Gabrielle Richards
- Richards in 2012 while with the Bendigo Spirit

Personal information
- Born: 19 November 1984 (age 40) Melbourne, Victoria
- Nationality: Australian
- Listed height: 6 ft 2 in (1.88 m)

Career information
- High school: Assumption (Kilmore, Victoria)
- College: Oregon (2004–2007)
- Playing career: 2002–2020
- Position: Forward/Center
- Number: 20

Career history
- 2002–2004: Australian Institute of Sport
- 2007–2018: Bendigo Spirit
- 2019–2020: Bendigo Spirit

Career highlights
- 2x WNBL Champion (2013, 2014); 2x All-WNBL Team (2013, 2014);

= Gabrielle Richards =

Australian basketball player

Gabrielle Richards (born 19 November 1984) is an Australian professional basketball player.

==Career==
===WNBL===
Richards began her WNBL career with the Australian Institute of Sport. She would then return to Victoria and play for the newest franchise, the Bendigo Spirit. During her time with the Spirit, Richards has won two WNBL Championships alongside the likes of Kristi Harrower and Kelsey Griffin. Richards is also a two-time awardee to the WNBL All-Star Five.
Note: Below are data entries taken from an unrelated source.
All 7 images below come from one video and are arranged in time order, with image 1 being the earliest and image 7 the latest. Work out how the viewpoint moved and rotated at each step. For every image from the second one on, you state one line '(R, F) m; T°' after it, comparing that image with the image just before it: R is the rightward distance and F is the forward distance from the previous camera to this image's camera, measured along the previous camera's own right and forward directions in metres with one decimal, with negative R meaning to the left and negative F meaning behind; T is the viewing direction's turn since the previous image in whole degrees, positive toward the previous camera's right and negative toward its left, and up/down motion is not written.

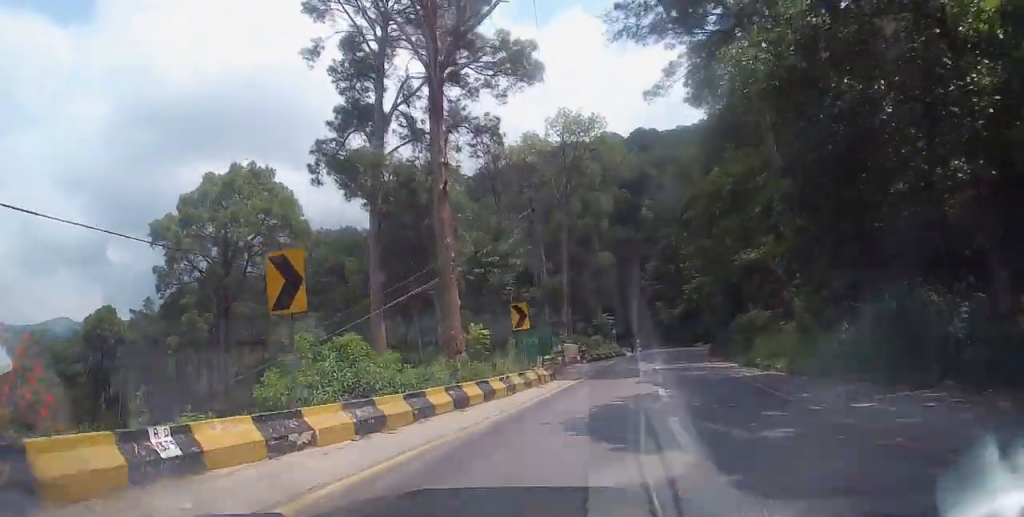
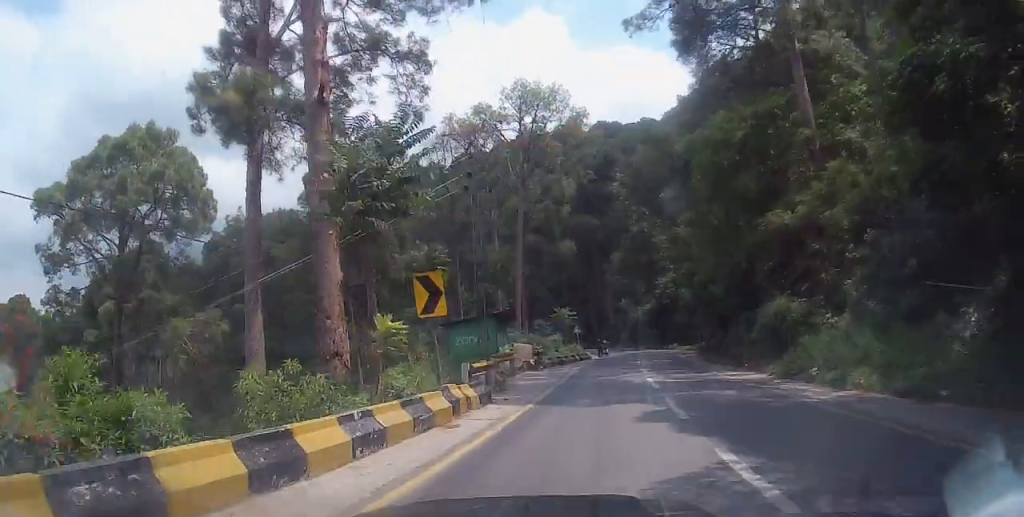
(+0.3, +9.3) m; +2°
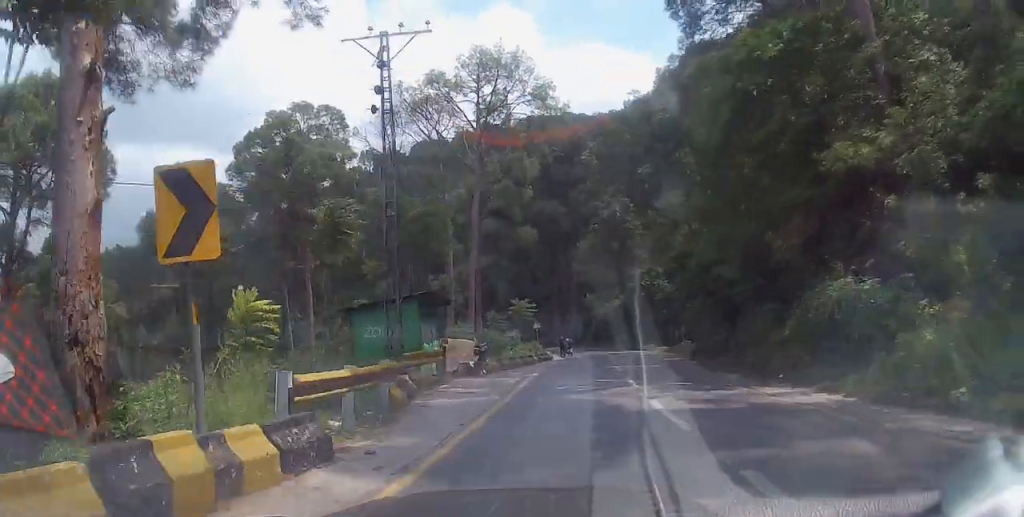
(-0.1, +7.8) m; +2°
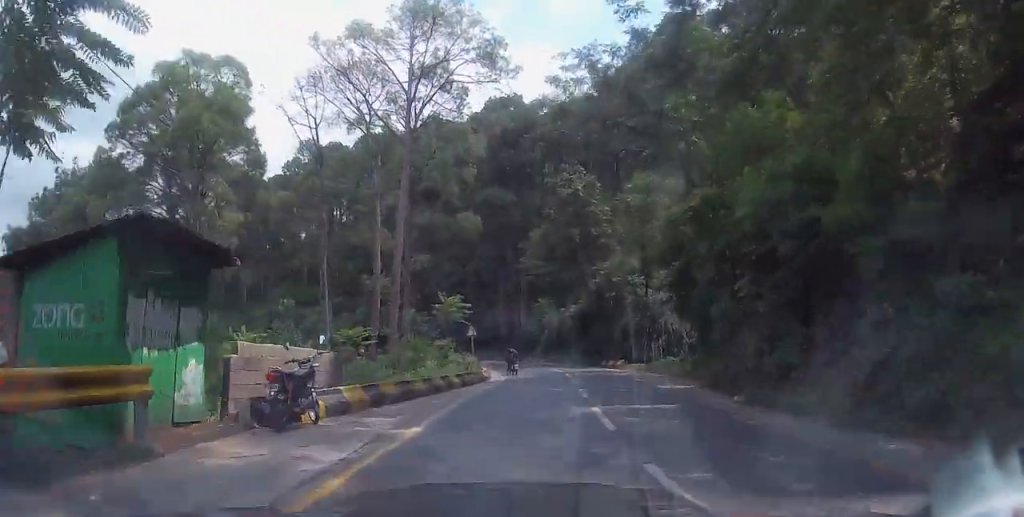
(+0.7, +11.6) m; +6°
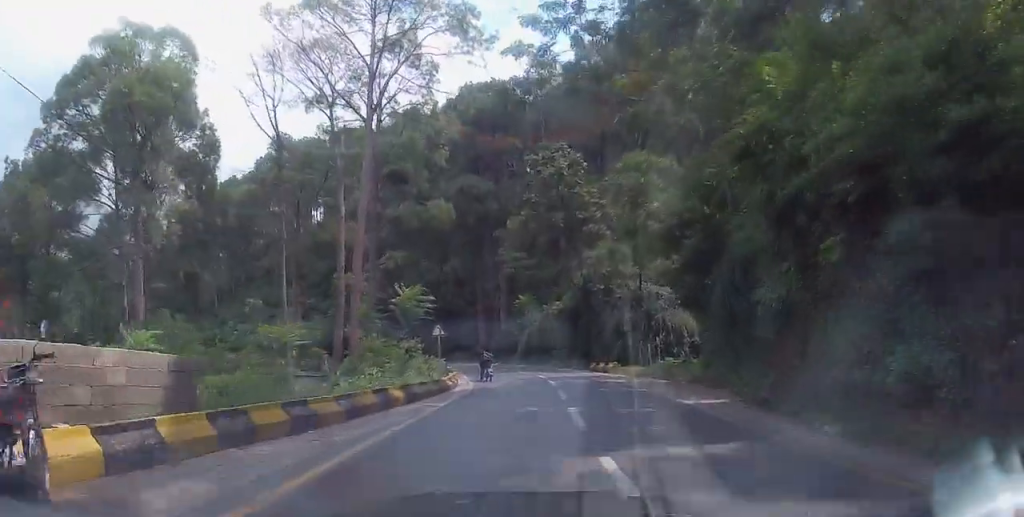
(+0.2, +5.4) m; +1°
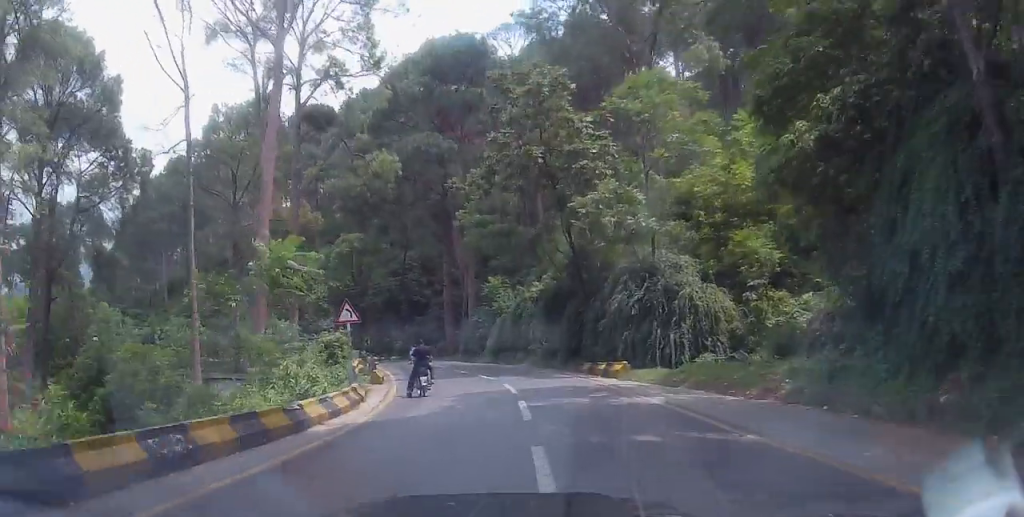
(+0.2, +11.5) m; +1°
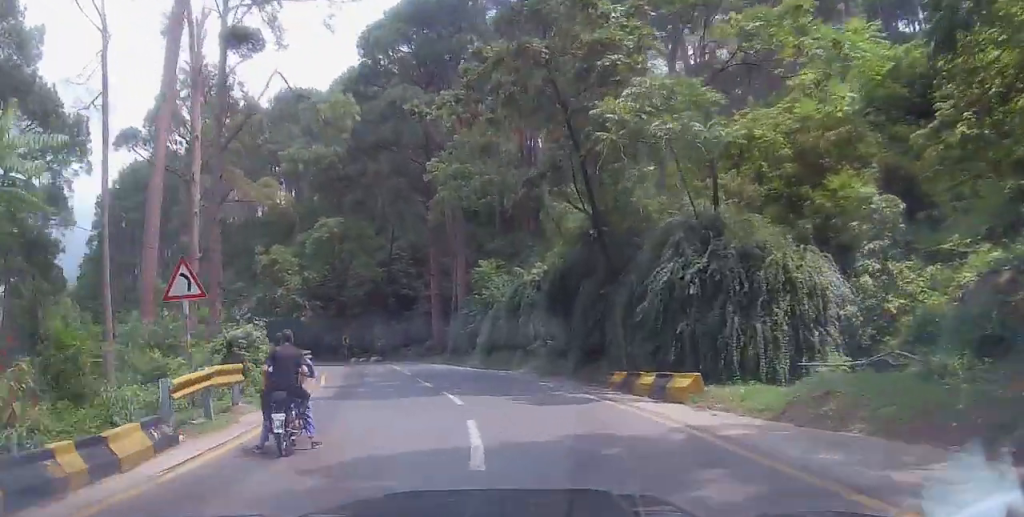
(0.0, +9.6) m; -4°

Richards returned to the Spirit for her tenth season, after signing on for 2017–18.

==National team==
===Youth Level===
Richards first represented Australia at the 2003 Under-21 World Championship in Croatia where Australia placed fifth. Playing alongside Laura Hodges, Jess Foley, Samantha Richards and Kelly Wilson.
===Senior Level===
Richards was a long standing squad member of the Opals, but was unable to make the final team for competition. At the 2014 FIBA World Championship, Liz Cambage was ruled out from the squad due to injury. Therefore, Richards was awarded the call up and rounded out the Opals roster under head coach, Brendan Joyce. Richards took to the floor in five out of Australia's six matches, including the Bronze Medal match where Australia defeated tournament hosts, Turkey.